MILAN, Sept 30 (Reuters) - Asian liquefied natural gas (LNG) gas prices rose this week on fresh Indian and ongoing South Korean demand as a forthcoming production outage in Australia was set to curb global supply.
Month-ahead prices for November delivery hit two-month highs of $6.10 per million British thermal units (mmBtu), up 35 cents from last week, helped by firming Brent crude oil after OPEC members agreed on output cuts.
Brent crude rallied 7 percent this week to $49 a barrel.
The Gladstone LNG export facility run by Australia’s Santos is to shut down one production line from early October to around Oct. 23, feeding into bullish sentiment on prices as supply tightened.

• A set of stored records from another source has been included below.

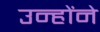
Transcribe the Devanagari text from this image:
उन्होंने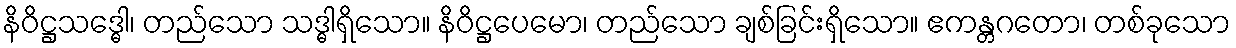
နိဝိဋ္ဌသဒ္ဓေါ၊ တည်သော သဒ္ဓါရှိသော။ နိဝိဋ္ဌပေမော၊ တည်သော ချစ်ခြင်းရှိသော။ ဧကန္တဂတော၊ တစ်ခုသော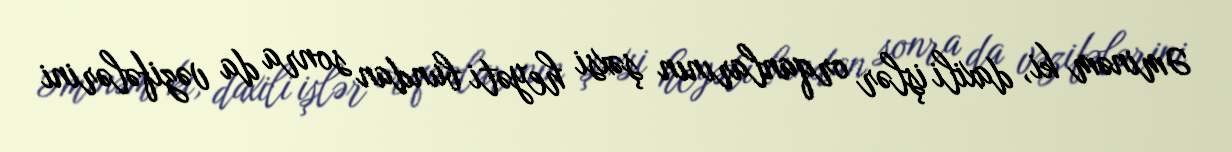
Əminəm ki, daxili işlər orqanlarının şəxsi heyəti bundan sonra da vəzifələrini

Both production units at Cheniere Energy’s Sabine Pass plant in the U.S. are already offline owing to maintenance that is not due to finish for about three more weeks.
India’s Bharat Petroleum is seeking one cargo for delivery in October, November and December, with peer Indian Oil Corporation looking for a single November shipment.
Previously traders had warned that price-sensitive Indian demand could be limited by rising prices, but rallying Brent crude may provide more headroom for those companies to keep spending on gas.
Importers in India tend to compare spot LNG prices against competing oil-derived fuels. Rising oil prices could keep demand alive for LNG, one trader said.
Angola LNG offered to sell its second post-shutdown cargo loading Oct. 4-6.
For winter, another trader expected prices to ease significantly.
“The market is offered up for November, but not so much for winter. Brent is pulling things up now and there’s a bit of buying in the Far East,” he said.
“But there is so much new LNG to come ... Angola is now back, the Middle East if offering cargoes to the Far East and Australia is ramping up. Unless you believe a cold winter is coming, I don’t see current conditions extending into winter.”
Korea Gas Corp, however, is arranging for extra shipments from long-standing Qatari supplier RasGas to replenish reserves and cater to extra demand as additional nuclear power stations are taken offline for maintenance.
In the wake of the country’s biggest earthquake, four nuclear reactors with combined capacity of 2,770 megawatts were taken offline as a precautionary measure.